Saturday, June 25, 2011

My Shakespearean Monologue


One of the best classes I ever took – hands down – was a public speaking class. It was actually a required course at Seton Hall in the early 90s, and it was well worth it. I heartily recommend it to any undergraduate. It turned me from someone who was paralyzingly shy to someone who is still quiet but can talk in front of a group if need be. I wrote a small bit about that, here.

Anyway, as part of the desensitization, about midway through the course, we had to pick a monologue to read up at the podium in front of the class. Not being a Shakespearean buff back then, I went to my local bookstore and picked up Hamlet, because I had at least a passing fancy of the plot. Plus it had that “To be or not to be” speech. But since that was clichéd even to my ill-informed ears, I figured on skimming around the play looking for the requisite two dozen lines to read in front of my younger peers.

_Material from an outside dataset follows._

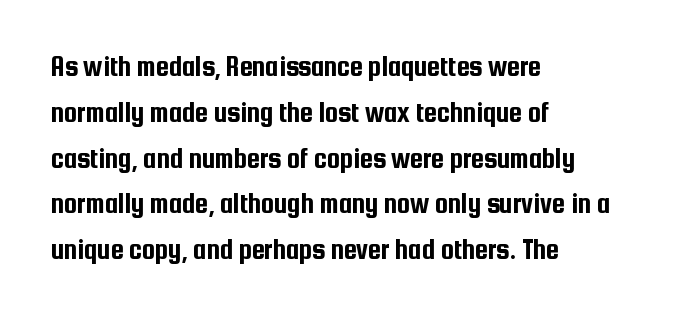
{"serif": "no", "italic": "no", "width": "condensed", "stroke_contrast": "low", "x_height": "medium", "monospaced": "no", "underline": "no", "align": "left", "line_spacing": "normal", "line_spacing_ratio": 1.58, "letter_spacing": "normal", "letter_spacing_em": 0.0, "glyph_px": 29}

I didn’t look very far. Probably because I had a ton of physics and calculus homework. Or had to work that long, 13-hour Tuesday shift at the day job. Or had to get to the rehearsal studio. In any event, seven pages into Hamlet I came across a short passage of Horatio imploring the “ghost” at the castle walls to speak. Seemed interesting. Something I could handle without feeling foolish or phoning it in. Twenty-seven lines, no crazy words. We weren’t required to memorize it, but I did, though I printed it out on a small sheet of lined paper to carry with me just in case.

Here it is:

A mote it is to trouble the mind’s eye:
In the most high and palmy state of Rome,
A little ere the mightiest Julius fell,
The graves stood tenantless, and the sheeted dead
Did squeak and gibber in the Roman streets;
As stars with trains of fire and dews of blood,
Disasters in the sun; and the moist star,
Upon whose influence Neptune’s empire stands,
Was sick almost to doomsday with eclipse.
And even the like precurse of feared events,
As harbingers preceding still the fates
And prologue to the omen coming on,
Have heaven and earth together demonstrated
Unto our climatures and countrymen.

But soft, behold, lo where it comes again!
I’ll cross it, though it blast me. – Stay, illusion.

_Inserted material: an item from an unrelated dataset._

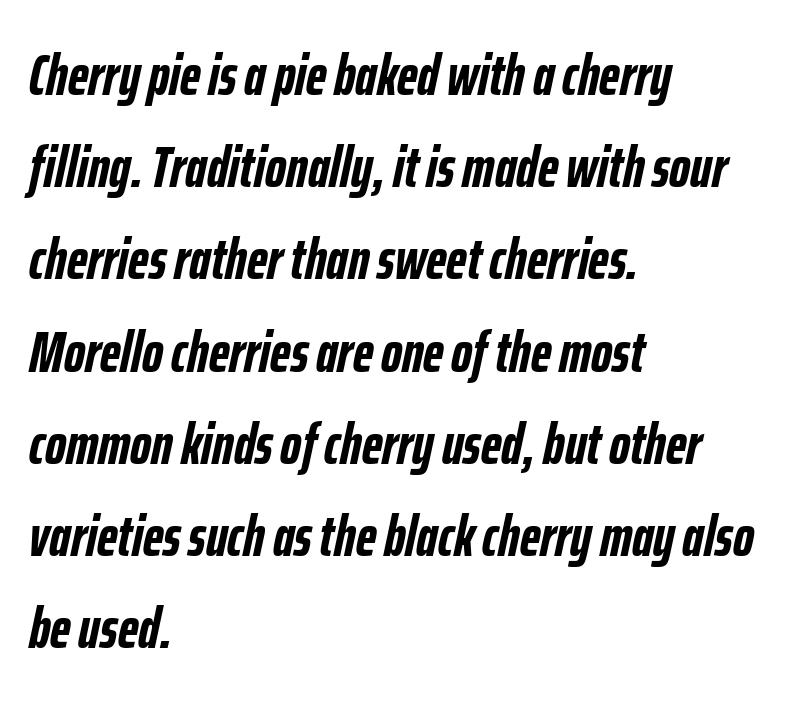
{"italic": "yes", "lean": "right", "slant_degrees": 12, "bold": "yes", "weight": "semibold", "width": "condensed", "stroke_contrast": "low", "x_height": "medium", "monospaced": "no", "underline": "no", "align": "left", "line_spacing": "normal", "line_spacing_ratio": 1.59, "letter_spacing": "normal", "letter_spacing_em": 0.0, "glyph_px": 58}

If thou hast any sound or use of voice,
Speak to me.
If there be any good thing to be done
That may to thee do ease and grace to me,
Speak to me.
If thou art privy to thy country’s fate,
Which happily foreknowing may avoid,
O, speak!
Or if thou hast uphoarded in thy life
Extorted treasure in the womb of earth,
For which, they say, you spirits oft walk in death,
Speak of it. Stay and speak. Stop it, Marcellus.

- Hamlet, I. i. 112-139


Though there were other exercises in the course I had extreme difficulty with (sharing personal information and stories up in front of the class, for example) I really enjoyed the minute or two of the monologue. If I remember correctly, I got an A for this assignment.

I wouldn’t mind trying to memorize other monologues if my memory wasn’t shot to pieces from insomnia, stress, and Diet Coke. And I’d perform it for the little ones, captive strapped into their car seats, as we drove from errand to errand on Saturday mornings.